*WORK INSTRUCTION:* Reproduce the whole listing that follows, exactly as it stands.

DATA TO PROCESS Block Start

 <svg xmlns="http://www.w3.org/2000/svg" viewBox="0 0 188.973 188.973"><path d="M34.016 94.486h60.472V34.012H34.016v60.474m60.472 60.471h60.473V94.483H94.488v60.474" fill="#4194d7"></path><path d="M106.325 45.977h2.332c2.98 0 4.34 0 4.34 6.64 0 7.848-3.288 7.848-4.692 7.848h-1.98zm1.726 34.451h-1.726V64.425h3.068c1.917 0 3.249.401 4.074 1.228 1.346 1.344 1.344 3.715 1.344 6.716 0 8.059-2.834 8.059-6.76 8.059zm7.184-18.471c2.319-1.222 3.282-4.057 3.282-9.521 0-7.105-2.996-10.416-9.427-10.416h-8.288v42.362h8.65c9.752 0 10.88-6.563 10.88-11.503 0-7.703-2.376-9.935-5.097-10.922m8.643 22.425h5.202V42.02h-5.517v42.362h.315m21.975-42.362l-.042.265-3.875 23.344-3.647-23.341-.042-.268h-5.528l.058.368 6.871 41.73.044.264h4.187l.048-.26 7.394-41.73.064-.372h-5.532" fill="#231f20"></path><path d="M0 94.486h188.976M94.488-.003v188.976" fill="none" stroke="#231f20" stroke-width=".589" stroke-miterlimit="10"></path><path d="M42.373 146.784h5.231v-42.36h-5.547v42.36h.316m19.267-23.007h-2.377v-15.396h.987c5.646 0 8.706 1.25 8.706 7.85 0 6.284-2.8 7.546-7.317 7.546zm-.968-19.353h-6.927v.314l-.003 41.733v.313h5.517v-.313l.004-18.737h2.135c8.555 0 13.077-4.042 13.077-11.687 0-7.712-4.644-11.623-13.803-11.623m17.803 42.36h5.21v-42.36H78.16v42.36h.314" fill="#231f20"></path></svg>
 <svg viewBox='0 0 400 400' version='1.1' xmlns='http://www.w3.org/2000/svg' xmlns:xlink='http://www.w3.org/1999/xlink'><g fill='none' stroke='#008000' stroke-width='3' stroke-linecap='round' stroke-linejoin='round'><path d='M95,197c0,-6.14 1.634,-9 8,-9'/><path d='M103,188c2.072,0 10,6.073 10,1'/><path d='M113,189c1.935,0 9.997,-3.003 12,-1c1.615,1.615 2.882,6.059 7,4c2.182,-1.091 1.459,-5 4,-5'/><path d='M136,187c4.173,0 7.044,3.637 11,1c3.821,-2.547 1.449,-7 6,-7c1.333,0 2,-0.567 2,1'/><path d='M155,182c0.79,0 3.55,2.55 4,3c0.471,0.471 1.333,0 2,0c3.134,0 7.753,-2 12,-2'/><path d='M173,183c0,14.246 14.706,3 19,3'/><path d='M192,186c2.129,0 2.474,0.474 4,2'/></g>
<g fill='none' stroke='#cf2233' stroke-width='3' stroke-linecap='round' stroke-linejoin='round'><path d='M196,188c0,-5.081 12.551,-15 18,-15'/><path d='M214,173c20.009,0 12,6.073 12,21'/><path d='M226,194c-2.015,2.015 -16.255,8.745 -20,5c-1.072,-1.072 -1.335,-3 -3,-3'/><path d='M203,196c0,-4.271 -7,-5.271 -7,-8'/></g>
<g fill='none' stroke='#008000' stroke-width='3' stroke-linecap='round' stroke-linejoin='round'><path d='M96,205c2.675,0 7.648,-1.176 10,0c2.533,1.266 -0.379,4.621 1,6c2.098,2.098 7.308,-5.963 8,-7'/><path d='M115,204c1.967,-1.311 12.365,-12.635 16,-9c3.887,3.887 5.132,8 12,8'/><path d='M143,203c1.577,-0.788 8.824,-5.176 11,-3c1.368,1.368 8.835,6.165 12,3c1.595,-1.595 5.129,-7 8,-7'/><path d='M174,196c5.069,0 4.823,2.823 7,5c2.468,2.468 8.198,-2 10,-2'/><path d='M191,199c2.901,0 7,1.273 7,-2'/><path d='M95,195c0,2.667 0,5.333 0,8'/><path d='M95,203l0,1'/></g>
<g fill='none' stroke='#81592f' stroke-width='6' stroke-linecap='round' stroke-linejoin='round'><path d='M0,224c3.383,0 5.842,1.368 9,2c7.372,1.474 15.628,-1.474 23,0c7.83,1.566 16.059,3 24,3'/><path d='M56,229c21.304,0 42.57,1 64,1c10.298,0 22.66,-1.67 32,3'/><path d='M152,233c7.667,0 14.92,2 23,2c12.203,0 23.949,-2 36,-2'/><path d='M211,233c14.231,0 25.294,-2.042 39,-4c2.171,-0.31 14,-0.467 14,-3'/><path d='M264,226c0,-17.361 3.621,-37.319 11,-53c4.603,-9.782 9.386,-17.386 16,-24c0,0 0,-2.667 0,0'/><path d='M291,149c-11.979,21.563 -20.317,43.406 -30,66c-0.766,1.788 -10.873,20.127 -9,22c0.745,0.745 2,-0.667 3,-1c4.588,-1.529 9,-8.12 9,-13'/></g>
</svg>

DATA TO PROCESS Block End

*SOLUTION TO THIS TASK:*
 <svg xmlns="http://www.w3.org/2000/svg" viewBox="0 0 188.973 188.973"><path d="M34.016 94.486h60.472V34.012H34.016v60.474m60.472 60.471h60.473V94.483H94.488v60.474" fill="#4194d7"></path><path d="M106.325 45.977h2.332c2.98 0 4.34 0 4.34 6.64 0 7.848-3.288 7.848-4.692 7.848h-1.98zm1.726 34.451h-1.726V64.425h3.068c1.917 0 3.249.401 4.074 1.228 1.346 1.344 1.344 3.715 1.344 6.716 0 8.059-2.834 8.059-6.76 8.059zm7.184-18.471c2.319-1.222 3.282-4.057 3.282-9.521 0-7.105-2.996-10.416-9.427-10.416h-8.288v42.362h8.65c9.752 0 10.88-6.563 10.88-11.503 0-7.703-2.376-9.935-5.097-10.922m8.643 22.425h5.202V42.02h-5.517v42.362h.315m21.975-42.362l-.042.265-3.875 23.344-3.647-23.341-.042-.268h-5.528l.058.368 6.871 41.73.044.264h4.187l.048-.26 7.394-41.73.064-.372h-5.532" fill="#231f20"></path><path d="M0 94.486h188.976M94.488-.003v188.976" fill="none" stroke="#231f20" stroke-width=".589" stroke-miterlimit="10"></path><path d="M42.373 146.784h5.231v-42.36h-5.547v42.36h.316m19.267-23.007h-2.377v-15.396h.987c5.646 0 8.706 1.25 8.706 7.85 0 6.284-2.8 7.546-7.317 7.546zm-.968-19.353h-6.927v.314l-.003 41.733v.313h5.517v-.313l.004-18.737h2.135c8.555 0 13.077-4.042 13.077-11.687 0-7.712-4.644-11.623-13.803-11.623m17.803 42.36h5.21v-42.36H78.16v42.36h.314" fill="#231f20"></path></svg>
 <svg viewBox='0 0 400 400' version='1.1' xmlns='http://www.w3.org/2000/svg' xmlns:xlink='http://www.w3.org/1999/xlink'><g fill='none' stroke='#008000' stroke-width='3' stroke-linecap='round' stroke-linejoin='round'><path d='M95,197c0,-6.14 1.634,-9 8,-9'/><path d='M103,188c2.072,0 10,6.073 10,1'/><path d='M113,189c1.935,0 9.997,-3.003 12,-1c1.615,1.615 2.882,6.059 7,4c2.182,-1.091 1.459,-5 4,-5'/><path d='M136,187c4.173,0 7.044,3.637 11,1c3.821,-2.547 1.449,-7 6,-7c1.333,0 2,-0.567 2,1'/><path d='M155,182c0.79,0 3.55,2.55 4,3c0.471,0.471 1.333,0 2,0c3.134,0 7.753,-2 12,-2'/><path d='M173,183c0,14.246 14.706,3 19,3'/><path d='M192,186c2.129,0 2.474,0.474 4,2'/></g>
<g fill='none' stroke='#cf2233' stroke-width='3' stroke-linecap='round' stroke-linejoin='round'><path d='M196,188c0,-5.081 12.551,-15 18,-15'/><path d='M214,173c20.009,0 12,6.073 12,21'/><path d='M226,194c-2.015,2.015 -16.255,8.745 -20,5c-1.072,-1.072 -1.335,-3 -3,-3'/><path d='M203,196c0,-4.271 -7,-5.271 -7,-8'/></g>
<g fill='none' stroke='#008000' stroke-width='3' stroke-linecap='round' stroke-linejoin='round'><path d='M96,205c2.675,0 7.648,-1.176 10,0c2.533,1.266 -0.379,4.621 1,6c2.098,2.098 7.308,-5.963 8,-7'/><path d='M115,204c1.967,-1.311 12.365,-12.635 16,-9c3.887,3.887 5.132,8 12,8'/><path d='M143,203c1.577,-0.788 8.824,-5.176 11,-3c1.368,1.368 8.835,6.165 12,3c1.595,-1.595 5.129,-7 8,-7'/><path d='M174,196c5.069,0 4.823,2.823 7,5c2.468,2.468 8.198,-2 10,-2'/><path d='M191,199c2.901,0 7,1.273 7,-2'/><path d='M95,195c0,2.667 0,5.333 0,8'/><path d='M95,203l0,1'/></g>
<g fill='none' stroke='#81592f' stroke-width='6' stroke-linecap='round' stroke-linejoin='round'><path d='M0,224c3.383,0 5.842,1.368 9,2c7.372,1.474 15.628,-1.474 23,0c7.83,1.566 16.059,3 24,3'/><path d='M56,229c21.304,0 42.57,1 64,1c10.298,0 22.66,-1.67 32,3'/><path d='M152,233c7.667,0 14.92,2 23,2c12.203,0 23.949,-2 36,-2'/><path d='M211,233c14.231,0 25.294,-2.042 39,-4c2.171,-0.31 14,-0.467 14,-3'/><path d='M264,226c0,-17.361 3.621,-37.319 11,-53c4.603,-9.782 9.386,-17.386 16,-24c0,0 0,-2.667 0,0'/><path d='M291,149c-11.979,21.563 -20.317,43.406 -30,66c-0.766,1.788 -10.873,20.127 -9,22c0.745,0.745 2,-0.667 3,-1c4.588,-1.529 9,-8.12 9,-13'/></g>
</svg>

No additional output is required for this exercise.